[Dataset items]
--------

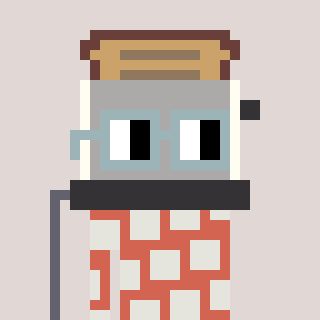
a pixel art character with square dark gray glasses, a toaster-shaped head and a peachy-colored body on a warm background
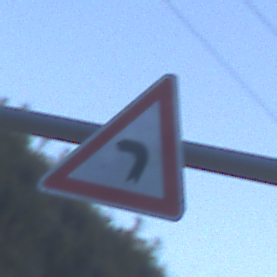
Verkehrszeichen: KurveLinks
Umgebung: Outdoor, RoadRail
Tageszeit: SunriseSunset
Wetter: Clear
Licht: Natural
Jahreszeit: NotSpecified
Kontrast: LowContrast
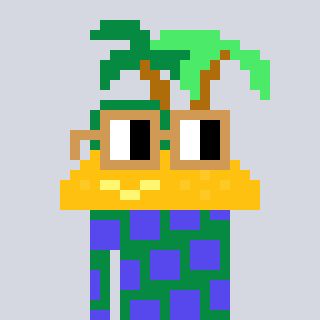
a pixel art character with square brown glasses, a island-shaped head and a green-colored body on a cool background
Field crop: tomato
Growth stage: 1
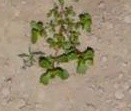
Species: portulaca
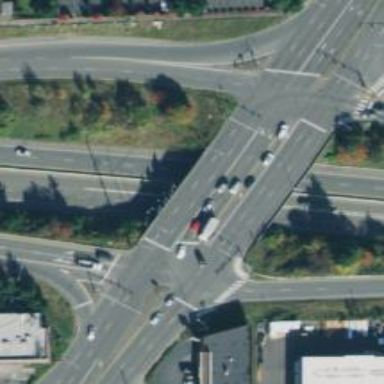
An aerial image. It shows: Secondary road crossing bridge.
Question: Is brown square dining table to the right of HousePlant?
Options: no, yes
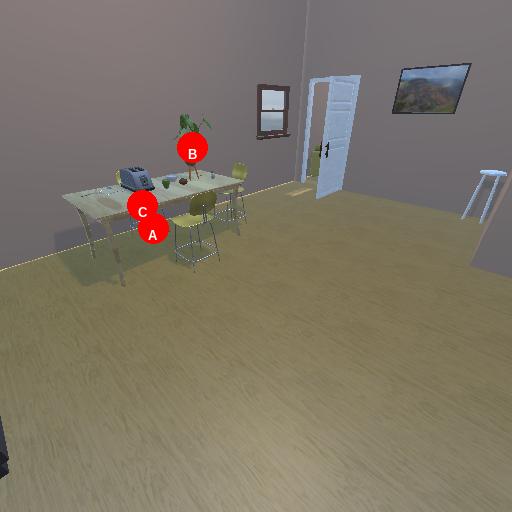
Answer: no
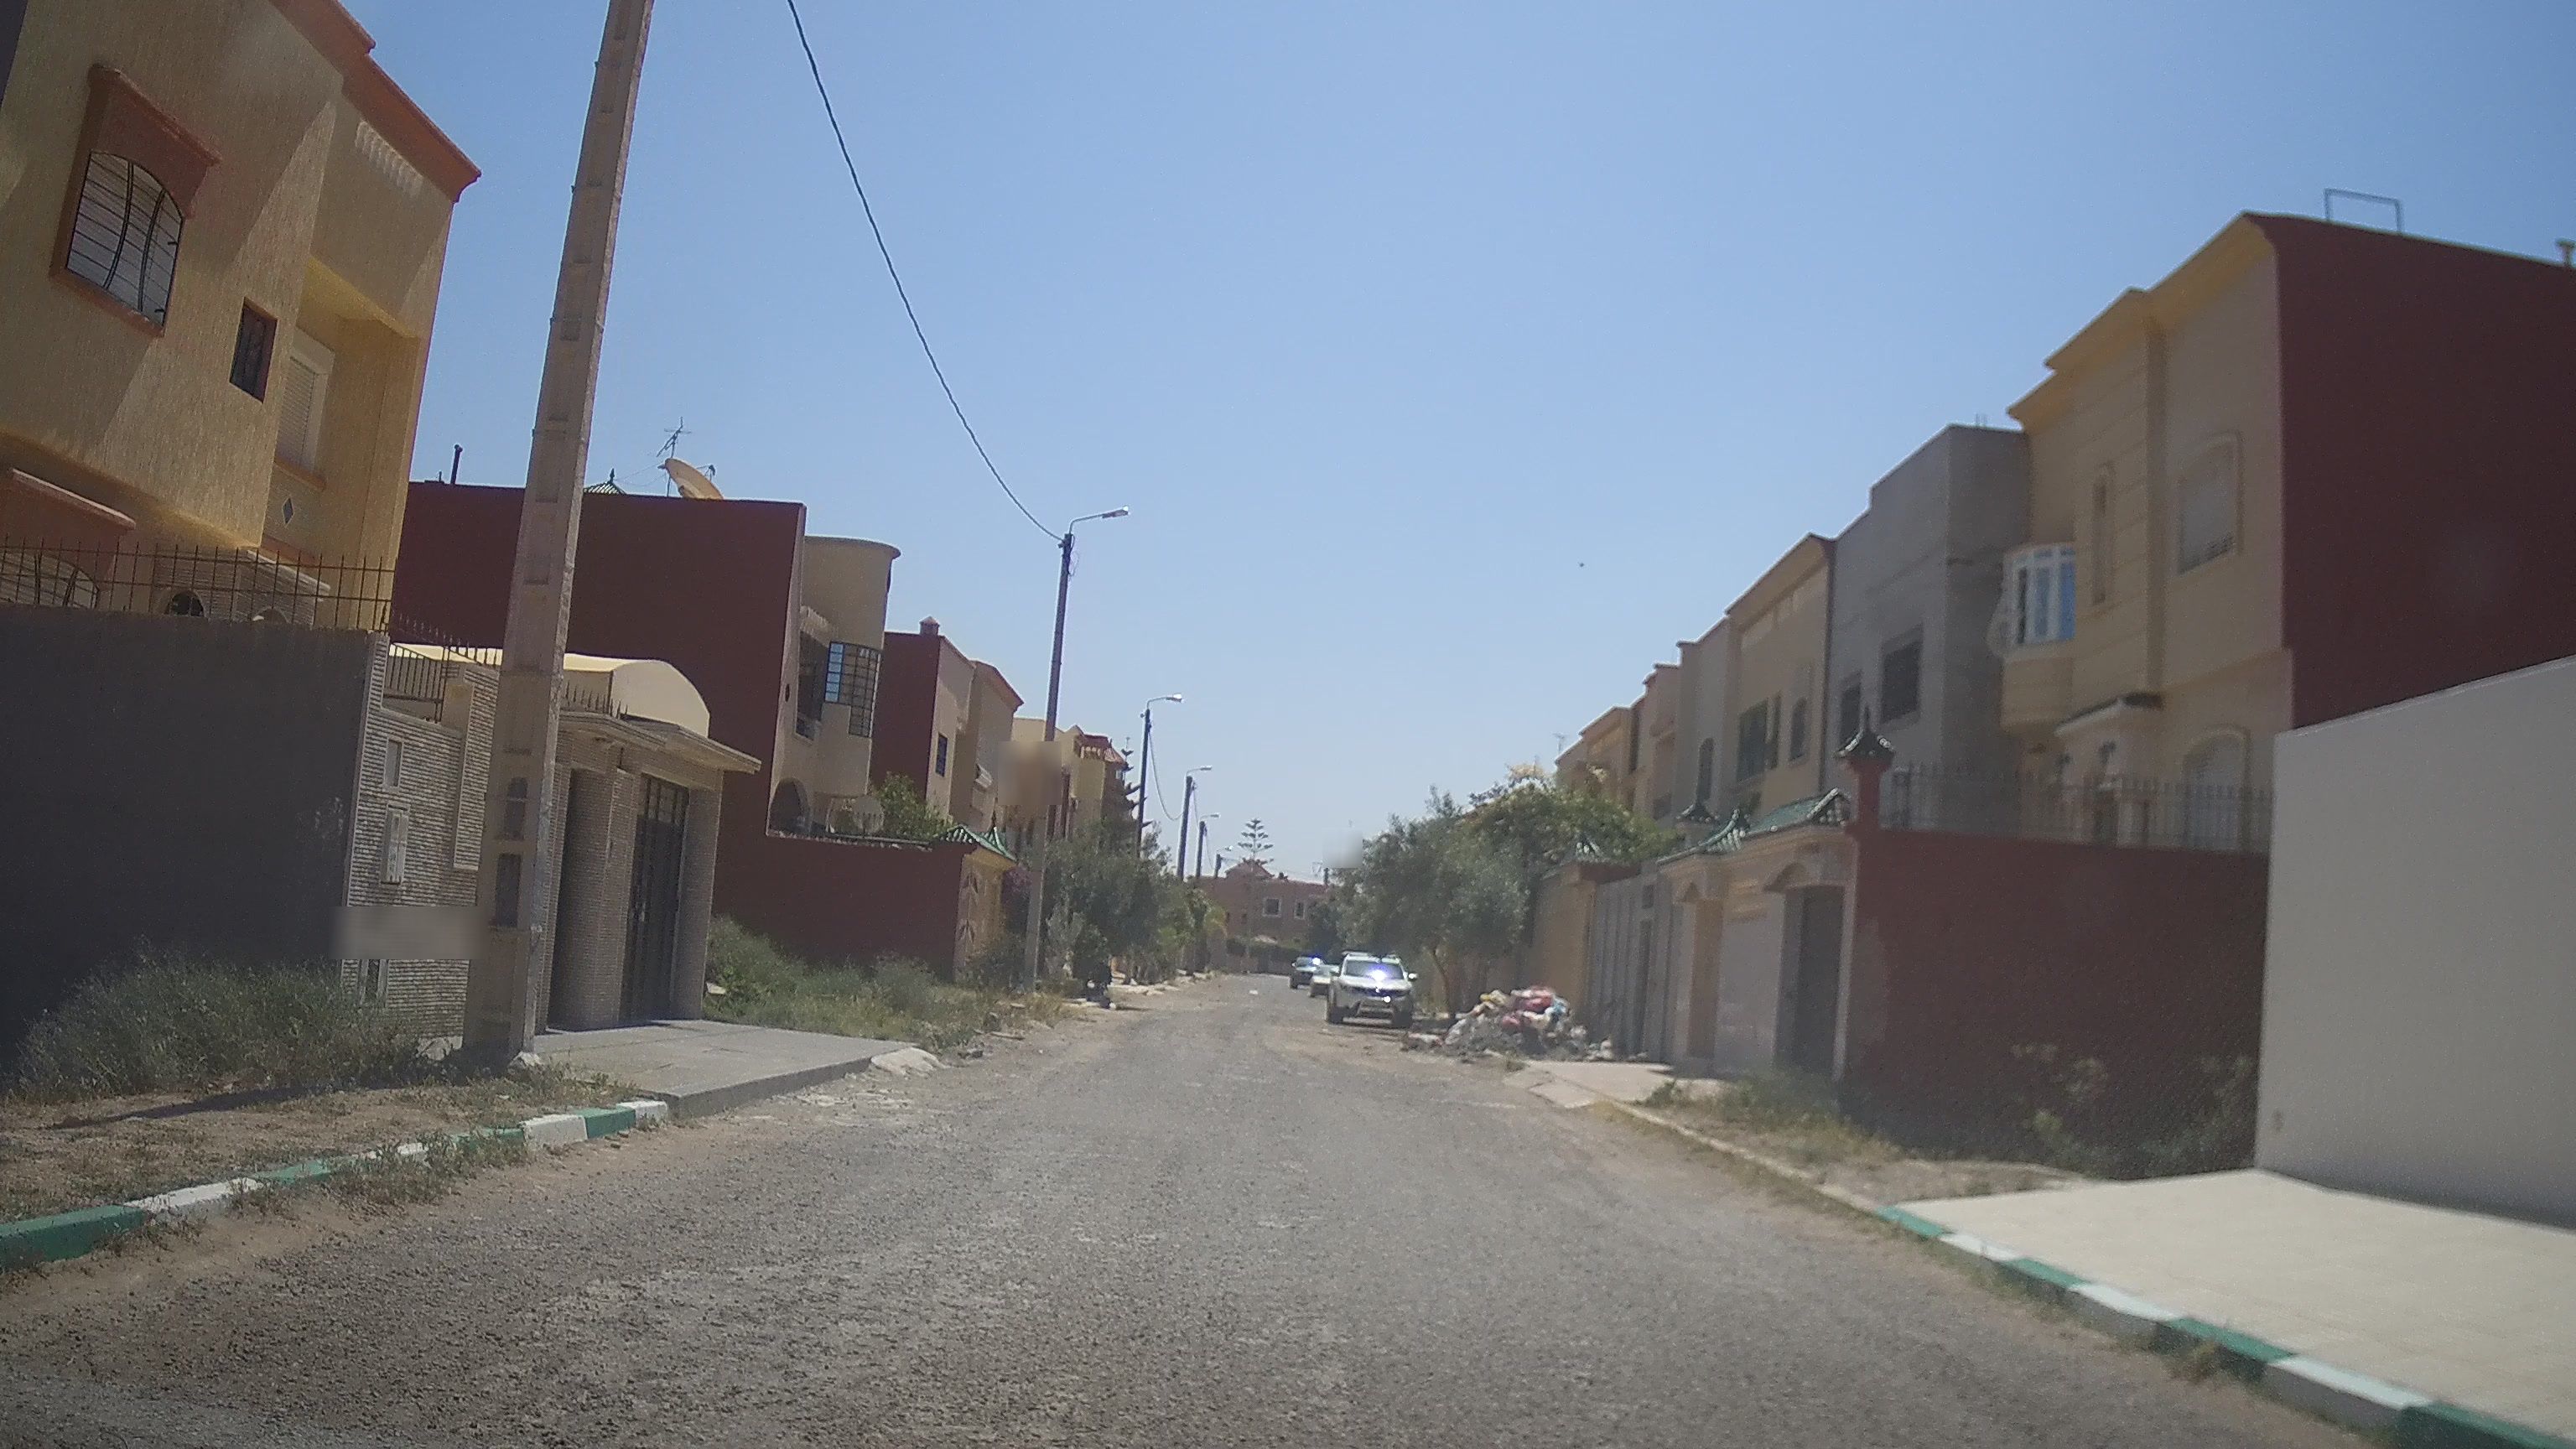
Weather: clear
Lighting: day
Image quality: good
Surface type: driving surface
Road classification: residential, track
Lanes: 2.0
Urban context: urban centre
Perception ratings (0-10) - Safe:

--------

Print each line, starting with the one that contains "Weather: clear" and ending with the last line of the data, exactly as it stands and with no other lines.

Weather: clear
Lighting: day
Image quality: good
Surface type: driving surface
Road classification: residential, track
Lanes: 2.0
Urban context: urban centre
Perception ratings (0-10) - Safe:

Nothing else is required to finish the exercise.